Engaging Culture with the Supremacy of God (pt 2)
In the first post in this series we noted the supremacy of God and how a proper theology unlocks our true self-identity. Job learned this lesson. On the other hand, the only way a sinner can preserve a life of unbelief is to suppress the true character of God. The Apostle Paul explains this in the opening chapter of Romans.
How amazed I am that God broke into the life of this Pharisee so I could behold his supremacy, see the depth of my sin, be broken, and embrace the cross as my only eternal hope! In nothing I’m saying in these posts do I want to self-righteously stand over those in unbelief. It’s only by God’s grace that I’m saved. I hope you feel the same.

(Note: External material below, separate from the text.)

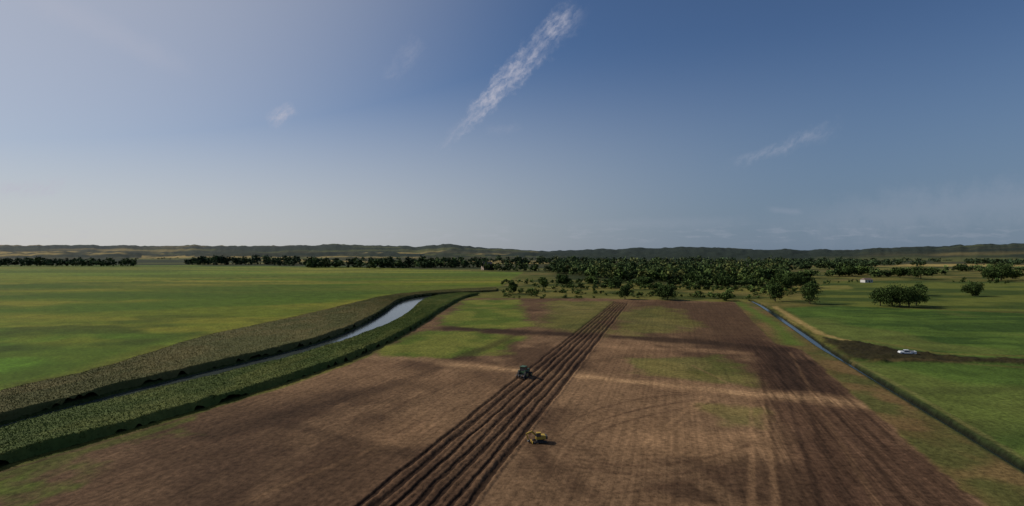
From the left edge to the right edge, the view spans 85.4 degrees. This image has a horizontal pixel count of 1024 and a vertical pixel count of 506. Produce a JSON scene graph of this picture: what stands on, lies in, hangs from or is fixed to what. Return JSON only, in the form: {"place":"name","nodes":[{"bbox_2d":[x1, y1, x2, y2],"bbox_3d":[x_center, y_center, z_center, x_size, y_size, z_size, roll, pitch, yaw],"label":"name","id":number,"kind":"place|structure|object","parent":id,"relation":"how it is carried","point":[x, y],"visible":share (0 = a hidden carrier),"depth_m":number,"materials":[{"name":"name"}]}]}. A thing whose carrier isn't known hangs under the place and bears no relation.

Let me move on to a broader topic.
As important as it is that we identify with the contours of culture I think we would be mistaken to miss the reality that an honest understanding of God precedes an accurate self-identity. Calvin was right here. And so at some level it seems perplexing that we exert so much time identifying with those who remain yet un-self-identified. We should become all things to all men, yet in loving those in our culture I believe includes helping those in our culture develop a self-identification. And this self-identification is forged by the un-suppressed supremacy of God—a work of grace through Scripture.
Supremacy of God in culture
But let me get into a specific illustration. Today I want to take this principle of self-discovery in light of God’s supremacy into one specific non-Christian cultural context. I don’t think there’s better illustration in Scripture than Paul’s sermon in the Areopagus in Acts 17:16-34.

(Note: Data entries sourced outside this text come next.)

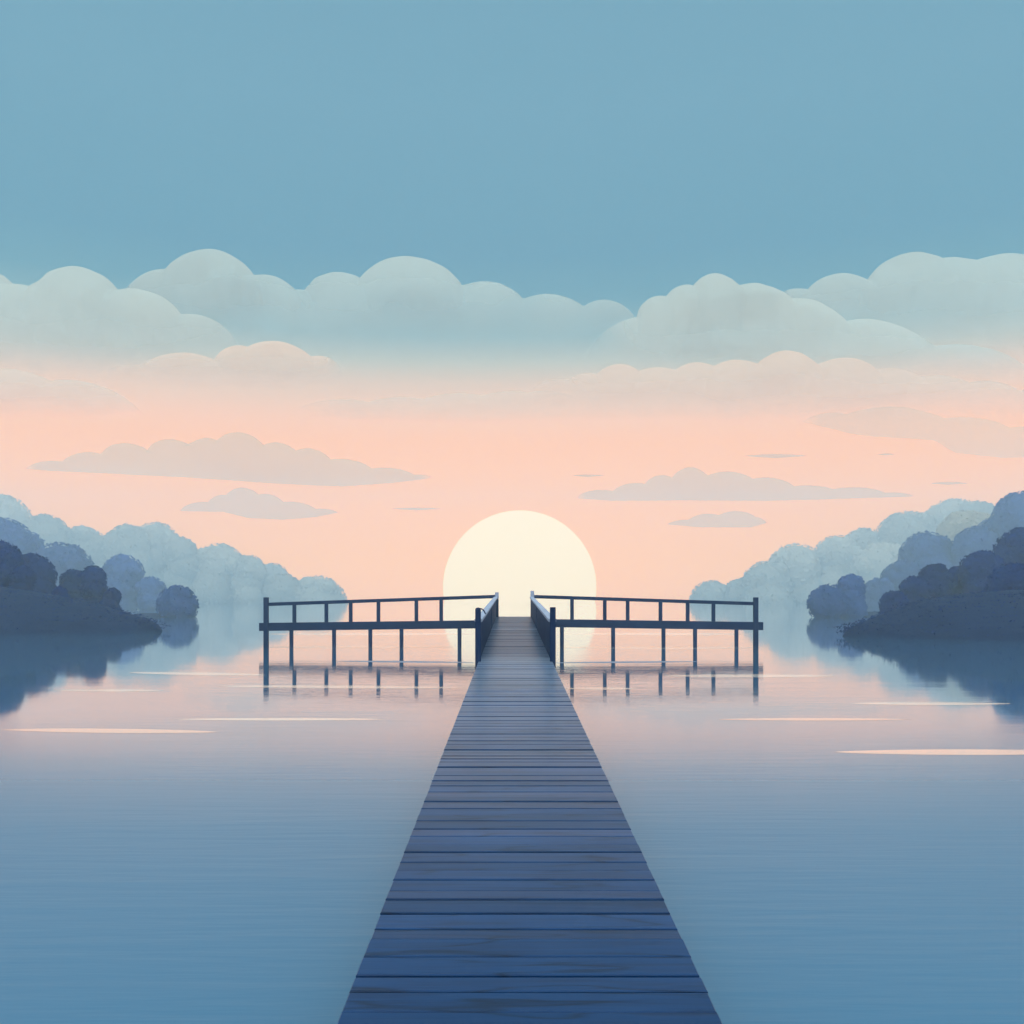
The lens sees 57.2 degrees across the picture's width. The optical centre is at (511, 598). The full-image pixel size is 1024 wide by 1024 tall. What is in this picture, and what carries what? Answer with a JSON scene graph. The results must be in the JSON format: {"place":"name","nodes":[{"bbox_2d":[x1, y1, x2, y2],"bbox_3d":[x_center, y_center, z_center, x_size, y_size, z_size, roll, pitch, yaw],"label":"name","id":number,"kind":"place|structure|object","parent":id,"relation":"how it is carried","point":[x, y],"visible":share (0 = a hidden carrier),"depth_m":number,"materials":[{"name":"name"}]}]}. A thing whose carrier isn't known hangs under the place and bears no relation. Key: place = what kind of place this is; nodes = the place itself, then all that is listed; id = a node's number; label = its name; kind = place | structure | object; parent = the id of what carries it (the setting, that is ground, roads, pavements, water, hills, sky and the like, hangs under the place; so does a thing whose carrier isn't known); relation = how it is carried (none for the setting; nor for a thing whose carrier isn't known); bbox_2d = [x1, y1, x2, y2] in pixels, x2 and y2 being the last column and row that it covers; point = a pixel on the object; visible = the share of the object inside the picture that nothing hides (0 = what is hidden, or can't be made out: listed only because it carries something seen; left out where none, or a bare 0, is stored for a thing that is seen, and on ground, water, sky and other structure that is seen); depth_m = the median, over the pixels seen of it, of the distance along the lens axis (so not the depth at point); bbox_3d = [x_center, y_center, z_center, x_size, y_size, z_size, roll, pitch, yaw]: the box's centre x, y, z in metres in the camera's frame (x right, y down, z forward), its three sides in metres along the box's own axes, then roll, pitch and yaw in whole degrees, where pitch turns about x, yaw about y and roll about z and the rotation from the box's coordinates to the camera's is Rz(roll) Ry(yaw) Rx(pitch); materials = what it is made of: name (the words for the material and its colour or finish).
{"place":"outdoors","nodes":[
{"label":"outdoors","id":0,"kind":"place"},
{"bbox_2d":[0,368,106,394],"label":"cloud","id":1,"kind":"structure","parent":0,"point":[13,381],"depth_m":1196.69,"materials":[{"name":"white"}]},
{"bbox_2d":[0,584,170,634],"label":"bank","id":2,"kind":"structure","parent":0,"point":[25,612],"depth_m":61.07,"materials":[{"name":"blue soil"}]},
{"bbox_2d":[0,539,24,587],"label":"tree","id":3,"kind":"object","parent":2,"relation":"on","point":[11,558],"visible":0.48,"depth_m":69.11,"materials":[{"name":"blue plant"}]},
{"bbox_2d":[21,552,57,593],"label":"tree","id":4,"kind":"object","parent":2,"relation":"on","point":[43,568],"visible":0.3,"depth_m":80.95,"materials":[{"name":"blue plant"}]},
{"bbox_2d":[51,585,68,596],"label":"bush","id":5,"kind":"object","parent":2,"relation":"on","point":[60,590],"visible":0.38,"depth_m":66.71,"materials":[{"name":"blue plant"}]},
{"bbox_2d":[59,569,82,599],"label":"tree","id":6,"kind":"object","parent":2,"relation":"on","point":[69,581],"visible":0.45,"depth_m":84.12,"materials":[{"name":"blue plant"}]},
{"bbox_2d":[77,565,108,603],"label":"tree","id":7,"kind":"object","parent":2,"relation":"on","point":[92,579],"visible":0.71,"depth_m":81.25,"materials":[{"name":"blue plant"}]},
{"bbox_2d":[98,587,121,610],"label":"tree","id":8,"kind":"object","parent":2,"relation":"on","point":[112,597],"visible":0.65,"depth_m":79.42,"materials":[{"name":"blue plant"}]},
{"bbox_2d":[0,266,219,343],"bbox_3d":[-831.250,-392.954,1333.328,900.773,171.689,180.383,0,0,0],"label":"cloud","id":9,"kind":"structure","parent":0,"point":[77,304],"depth_m":1300.05,"materials":[{"name":"white"}]},
{"bbox_2d":[136,613,165,616],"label":"shore","id":10,"kind":"structure","parent":0,"point":[150,614],"depth_m":116.97,"materials":[{"name":"blue plant"}]},
{"bbox_2d":[155,584,199,616],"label":"bush","id":11,"kind":"object","parent":10,"relation":"on","point":[175,600],"visible":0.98,"depth_m":116.29,"materials":[{"name":"blue plant"}]},
{"bbox_2d":[153,341,325,367],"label":"cloud","id":12,"kind":"structure","parent":0,"point":[280,354],"depth_m":1250.16,"materials":[{"name":"white"}]},
{"bbox_2d":[131,249,504,305],"bbox_3d":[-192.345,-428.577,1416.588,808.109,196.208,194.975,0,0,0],"label":"cloud","id":13,"kind":"structure","parent":0,"point":[218,277],"depth_m":1447.28,"materials":[{"name":"white"}]},
{"bbox_2d":[0,603,1023,1023],"bbox_3d":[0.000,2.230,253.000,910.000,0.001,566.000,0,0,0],"label":"water","id":14,"kind":"structure","parent":0,"point":[244,873],"depth_m":10.14,"materials":[{"name":"blue liquid"}]},
{"bbox_2d":[2,728,213,732],"bbox_3d":[-6.816,2.228,15.883,3.812,0.001,0.508,0,0,5],"label":"light streak","id":15,"kind":"object","parent":14,"relation":"on","point":[87,730],"visible":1,"depth_m":15.90,"materials":[{"name":"liquid"}]},
{"bbox_2d":[59,689,162,691],"bbox_3d":[-9.864,2.228,22.930,2.802,0.001,0.649,0,0,0],"label":"light streak","id":16,"kind":"object","parent":14,"relation":"on","point":[116,690],"visible":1,"depth_m":22.86,"materials":[{"name":"liquid"}]},
{"bbox_2d":[102,553,145,609],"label":"tree","id":17,"kind":"object","parent":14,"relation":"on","point":[125,573],"visible":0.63,"depth_m":196.82,"materials":[{"name":"blue plant"}]},
{"bbox_2d":[162,535,199,593],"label":"tree","id":18,"kind":"object","parent":14,"relation":"on","point":[181,561],"visible":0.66,"depth_m":441.51,"materials":[{"name":"blue plant"}]},
{"bbox_2d":[130,672,263,674],"bbox_3d":[-9.414,2.228,28.052,4.511,0.001,1.044,0,0,13],"label":"light streak","id":19,"kind":"object","parent":14,"relation":"on","point":[191,673],"visible":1,"depth_m":28.08,"materials":[{"name":"liquid"}]},
{"bbox_2d":[230,554,267,603],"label":"tree","id":20,"kind":"object","parent":14,"relation":"on","point":[249,573],"visible":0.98,"depth_m":440.86,"materials":[{"name":"blue plant"}]},
{"bbox_2d":[265,562,287,575],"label":"tree","id":21,"kind":"object","parent":14,"relation":"on","point":[273,568],"visible":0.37,"depth_m":500.15,"materials":[{"name":"blue plant"}]},
{"bbox_2d":[261,572,298,602],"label":"tree","id":22,"kind":"object","parent":14,"relation":"on","point":[278,588],"visible":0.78,"depth_m":443.20,"materials":[{"name":"blue plant"}]},
{"bbox_2d":[178,718,381,720],"bbox_3d":[-4.286,2.228,17.399,3.891,0.001,0.359,0,0,0],"label":"light streak","id":23,"kind":"object","parent":14,"relation":"on","point":[278,719],"visible":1,"depth_m":17.36,"materials":[{"name":"liquid"}]},
{"bbox_2d":[225,685,464,687],"bbox_3d":[-4.328,2.228,23.824,6.446,0.001,0.770,0,0,4],"label":"light streak","id":24,"kind":"object","parent":14,"relation":"on","point":[310,686],"visible":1,"depth_m":23.91,"materials":[{"name":"liquid"}]},
{"bbox_2d":[345,661,471,662],"bbox_3d":[-3.817,2.228,33.383,5.046,0.001,0.822,0,0,8],"label":"ripple","id":25,"kind":"object","parent":14,"relation":"on","point":[412,661],"visible":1,"depth_m":33.48,"materials":[{"name":"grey liquid"}]},
{"bbox_2d":[259,591,762,1023],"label":"pier","id":26,"kind":"structure","parent":14,"relation":"in","point":[524,888],"depth_m":5.84,"materials":[{"name":"wood"}]},
{"bbox_2d":[565,687,635,689],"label":"light streak","id":27,"kind":"object","parent":14,"relation":"on","point":[598,688],"visible":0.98,"depth_m":23.37,"materials":[{"name":"liquid"}]},
{"bbox_2d":[558,661,697,662],"bbox_3d":[4.034,2.228,33.157,5.254,0.001,0.812,0,0,-8],"label":"ripple","id":28,"kind":"object","parent":14,"relation":"on","point":[630,662],"visible":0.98,"depth_m":32.96,"materials":[{"name":"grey liquid"}]},
{"bbox_2d":[664,674,833,676],"bbox_3d":[6.913,2.228,27.266,5.104,0.001,1.077,0,0,0],"label":"light streak","id":29,"kind":"object","parent":14,"relation":"on","point":[745,675],"visible":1,"depth_m":27.35,"materials":[{"name":"liquid"}]},
{"bbox_2d":[721,718,908,720],"bbox_3d":[5.614,2.228,17.399,3.574,0.001,0.386,0,0,0],"label":"light streak","id":30,"kind":"object","parent":14,"relation":"on","point":[817,719],"visible":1,"depth_m":17.36,"materials":[{"name":"liquid"}]},
{"bbox_2d":[851,702,1009,704],"bbox_3d":[8.929,2.228,20.029,3.404,0.001,0.581,0,0,0],"label":"light streak","id":31,"kind":"object","parent":14,"relation":"on","point":[929,703],"visible":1,"depth_m":20.02,"materials":[{"name":"liquid"}]},
{"bbox_2d":[839,749,1023,754],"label":"light streak","id":32,"kind":"object","parent":14,"relation":"on","point":[964,752],"visible":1,"depth_m":13.63,"materials":[{"name":"liquid"}]},
{"bbox_2d":[0,0,1023,602],"label":"sky","id":33,"kind":"structure","parent":0,"point":[591,161],"materials":[{"name":"blue"}]},
{"bbox_2d":[443,510,595,602],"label":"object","id":34,"kind":"object","parent":33,"relation":"in","point":[517,556],"visible":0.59,"depth_m":2436.72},
{"bbox_2d":[628,273,920,355],"bbox_3d":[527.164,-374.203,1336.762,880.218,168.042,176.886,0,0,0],"label":"cloud","id":35,"kind":"structure","parent":0,"point":[714,314],"depth_m":1295.34,"materials":[{"name":"white"}]},
{"bbox_2d":[578,350,977,392],"bbox_3d":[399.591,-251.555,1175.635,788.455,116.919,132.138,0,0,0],"label":"cloud","id":36,"kind":"structure","parent":0,"point":[786,369],"depth_m":1199.13,"materials":[{"name":"white"}]},
{"bbox_2d":[864,611,878,616],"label":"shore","id":37,"kind":"structure","parent":0,"point":[873,613],"depth_m":118.28,"materials":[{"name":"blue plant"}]},
{"bbox_2d":[806,583,848,616],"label":"bush","id":38,"kind":"object","parent":37,"relation":"on","point":[825,600],"visible":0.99,"depth_m":114.39,"materials":[{"name":"blue plant"}]},
{"bbox_2d":[835,573,867,616],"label":"bush","id":39,"kind":"object","parent":37,"relation":"on","point":[852,586],"visible":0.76,"depth_m":117.25,"materials":[{"name":"blue plant"}]},
{"bbox_2d":[789,252,1023,310],"bbox_3d":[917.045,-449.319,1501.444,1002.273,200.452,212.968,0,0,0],"label":"cloud","id":40,"kind":"structure","parent":0,"point":[987,283],"depth_m":1540.15,"materials":[{"name":"white"}]},
{"bbox_2d":[827,589,1023,640],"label":"bank","id":41,"kind":"structure","parent":0,"point":[995,615],"depth_m":52.74,"materials":[{"name":"blue soil"}]},
{"bbox_2d":[918,563,955,598],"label":"tree","id":42,"kind":"object","parent":41,"relation":"on","point":[939,577],"visible":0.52,"depth_m":80.82,"materials":[{"name":"blue plant"}]},
{"bbox_2d":[948,566,962,594],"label":"tree","id":43,"kind":"object","parent":41,"relation":"on","point":[956,587],"visible":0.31,"depth_m":84.08,"materials":[{"name":"blue plant"}]},
{"bbox_2d":[957,549,1006,593],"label":"tree","id":44,"kind":"object","parent":41,"relation":"on","point":[976,568],"visible":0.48,"depth_m":80.88,"materials":[{"name":"blue plant"}]},
{"bbox_2d":[984,562,1023,591],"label":"tree","id":45,"kind":"object","parent":41,"relation":"on","point":[1009,576],"visible":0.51,"depth_m":63.05,"materials":[{"name":"blue plant"}]},
{"bbox_2d":[992,527,1023,563],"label":"tree","id":46,"kind":"object","parent":41,"relation":"on","point":[1009,547],"visible":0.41,"depth_m":86.62,"materials":[{"name":"blue plant"}]},
{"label":"hill","id":47,"kind":"structure","parent":0,"visible":0},
{"bbox_2d":[0,493,30,524],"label":"tree","id":48,"kind":"object","parent":47,"relation":"on","point":[11,507],"visible":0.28,"depth_m":449.48,"materials":[{"name":"blue plant"}]},
{"bbox_2d":[20,513,75,547],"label":"tree","id":49,"kind":"object","parent":47,"relation":"on","point":[48,528],"visible":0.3,"depth_m":439.85,"materials":[{"name":"blue plant"}]},
{"bbox_2d":[70,525,103,567],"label":"tree","id":50,"kind":"object","parent":47,"relation":"on","point":[88,539],"visible":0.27,"depth_m":454.79,"materials":[{"name":"blue plant"}]},
{"bbox_2d":[100,522,157,577],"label":"tree","id":51,"kind":"object","parent":47,"relation":"on","point":[129,540],"visible":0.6,"depth_m":442.80,"materials":[{"name":"blue plant"}]},
{"bbox_2d":[140,521,179,580],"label":"tree","id":52,"kind":"object","parent":47,"relation":"on","point":[159,534],"visible":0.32,"depth_m":451.99,"materials":[{"name":"blue plant"}]},
{"bbox_2d":[191,543,241,603],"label":"tree","id":53,"kind":"object","parent":47,"relation":"on","point":[211,581],"visible":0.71,"depth_m":444.50,"materials":[{"name":"blue plant"}]},
{"bbox_2d":[292,575,347,603],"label":"tree","id":54,"kind":"object","parent":47,"relation":"on","point":[311,588],"visible":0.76,"depth_m":444.97,"materials":[{"name":"blue plant"}]},
{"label":"shore","id":55,"kind":"structure","parent":0,"visible":0},
{"bbox_2d":[0,517,37,553],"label":"tree","id":56,"kind":"object","parent":55,"relation":"on","point":[13,533],"visible":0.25,"depth_m":197.63,"materials":[{"name":"blue plant"}]},
{"bbox_2d":[30,532,44,550],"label":"tree","id":57,"kind":"object","parent":55,"relation":"on","point":[39,541],"visible":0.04,"depth_m":203.35,"materials":[{"name":"blue plant"}]},
{"bbox_2d":[29,541,94,597],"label":"tree","id":58,"kind":"object","parent":55,"relation":"on","point":[68,556],"visible":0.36,"depth_m":193.67,"materials":[{"name":"blue plant"}]},
{"bbox_2d":[133,576,165,609],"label":"tree","id":59,"kind":"object","parent":55,"relation":"on","point":[148,590],"visible":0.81,"depth_m":193.46,"materials":[{"name":"blue plant"}]},
{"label":"hill","id":60,"kind":"structure","parent":0,"visible":0},
{"bbox_2d":[689,580,727,603],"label":"tree","id":61,"kind":"object","parent":60,"relation":"on","point":[713,590],"visible":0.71,"depth_m":454.06,"materials":[{"name":"blue plant"}]},
{"bbox_2d":[723,577,745,601],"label":"tree","id":62,"kind":"object","parent":60,"relation":"on","point":[735,590],"visible":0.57,"depth_m":449.06,"materials":[{"name":"blue plant"}]},
{"bbox_2d":[741,560,795,603],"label":"tree","id":63,"kind":"object","parent":60,"relation":"on","point":[766,582],"visible":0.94,"depth_m":439.31,"materials":[{"name":"blue plant"}]},
{"bbox_2d":[769,543,823,603],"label":"tree","id":64,"kind":"object","parent":60,"relation":"on","point":[804,565],"visible":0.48,"depth_m":443.76,"materials":[{"name":"blue plant"}]},
{"bbox_2d":[815,535,861,588],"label":"tree","id":65,"kind":"object","parent":60,"relation":"on","point":[836,554],"visible":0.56,"depth_m":442.63,"materials":[{"name":"blue plant"}]},
{"bbox_2d":[845,527,880,549],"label":"tree","id":66,"kind":"object","parent":60,"relation":"on","point":[862,537],"visible":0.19,"depth_m":453.81,"materials":[{"name":"blue plant"}]},
{"bbox_2d":[848,542,902,583],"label":"tree","id":67,"kind":"object","parent":60,"relation":"on","point":[871,561],"visible":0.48,"depth_m":418.59,"materials":[{"name":"blue plant"}]},
{"bbox_2d":[876,510,937,545],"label":"tree","id":68,"kind":"object","parent":60,"relation":"on","point":[899,528],"visible":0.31,"depth_m":445.13,"materials":[{"name":"blue plant"}]},
{"bbox_2d":[926,498,971,526],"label":"tree","id":69,"kind":"object","parent":60,"relation":"on","point":[941,511],"visible":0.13,"depth_m":452.90,"materials":[{"name":"blue plant"}]},
{"bbox_2d":[935,510,991,540],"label":"tree","id":70,"kind":"object","parent":60,"relation":"on","point":[952,525],"visible":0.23,"depth_m":285.56,"materials":[{"name":"blue plant"}]},
{"bbox_2d":[953,500,994,514],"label":"tree","id":71,"kind":"object","parent":60,"relation":"on","point":[982,506],"visible":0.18,"depth_m":442.52,"materials":[{"name":"blue plant"}]},
{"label":"shore","id":72,"kind":"structure","parent":0,"visible":0},
{"bbox_2d":[864,577,896,609],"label":"tree","id":73,"kind":"object","parent":72,"relation":"on","point":[876,589],"visible":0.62,"depth_m":193.75,"materials":[{"name":"blue plant"}]},
{"bbox_2d":[878,590,909,614],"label":"tree","id":74,"kind":"object","parent":72,"relation":"on","point":[889,599],"visible":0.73,"depth_m":77.23,"materials":[{"name":"blue plant"}]},
{"bbox_2d":[880,560,921,589],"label":"tree","id":75,"kind":"object","parent":72,"relation":"on","point":[897,572],"visible":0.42,"depth_m":196.94,"materials":[{"name":"blue plant"}]},
{"bbox_2d":[898,575,933,602],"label":"tree","id":76,"kind":"object","parent":72,"relation":"on","point":[914,587],"visible":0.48,"depth_m":79.05,"materials":[{"name":"blue plant"}]},
{"bbox_2d":[898,530,952,569],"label":"tree","id":77,"kind":"object","parent":72,"relation":"on","point":[922,549],"visible":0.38,"depth_m":205.95,"materials":[{"name":"blue plant"}]},
{"bbox_2d":[949,525,999,565],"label":"tree","id":78,"kind":"object","parent":72,"relation":"on","point":[971,540],"visible":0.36,"depth_m":201.15,"materials":[{"name":"blue plant"}]},
{"bbox_2d":[979,516,992,529],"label":"tree","id":79,"kind":"object","parent":72,"relation":"on","point":[985,522],"visible":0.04,"depth_m":206.15,"materials":[{"name":"blue plant"}]},
{"bbox_2d":[988,490,1023,538],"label":"tree","id":80,"kind":"object","parent":72,"relation":"on","point":[1008,512],"visible":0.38,"depth_m":199.52,"materials":[{"name":"blue plant"}]}
]}

After having a look around Athens—a city “given over to idols”—Paul was summoned by the city’s intellectual elite (v. 16).
The content of Paul’s address is striking. Here we find no lengthy philosophical defense of monotheism. Paul opens with no apologetic for his source of ultimate truth (Scripture). Amazingly there is no mention of the cross, either (though we can assume Paul got to this point quickly with those who followed him after the sermon). As we listen in to the message we hear a clear, bold, and blunt exhortation of the supremacy and transcendence of God.
We cannot miss the content of Paul’s engagement of this non-Christian culture.
Paul tells them God is not created but the creator of all things (v. 24). God is not domesticated and caged into religious temples (v. 24). Nor is God like some idol produced by human crafting (v. 29). God needs nothing from us. In fact, we receive all from him and it’s only in him that we live and move (vv. 25, 28). God has planted all the races of the earth and marked out the boundary lines of the nations (v. 26). God is over all. And this God is sending his judge (Christ) back into these races and nations to punish all unrighteousness (v. 31).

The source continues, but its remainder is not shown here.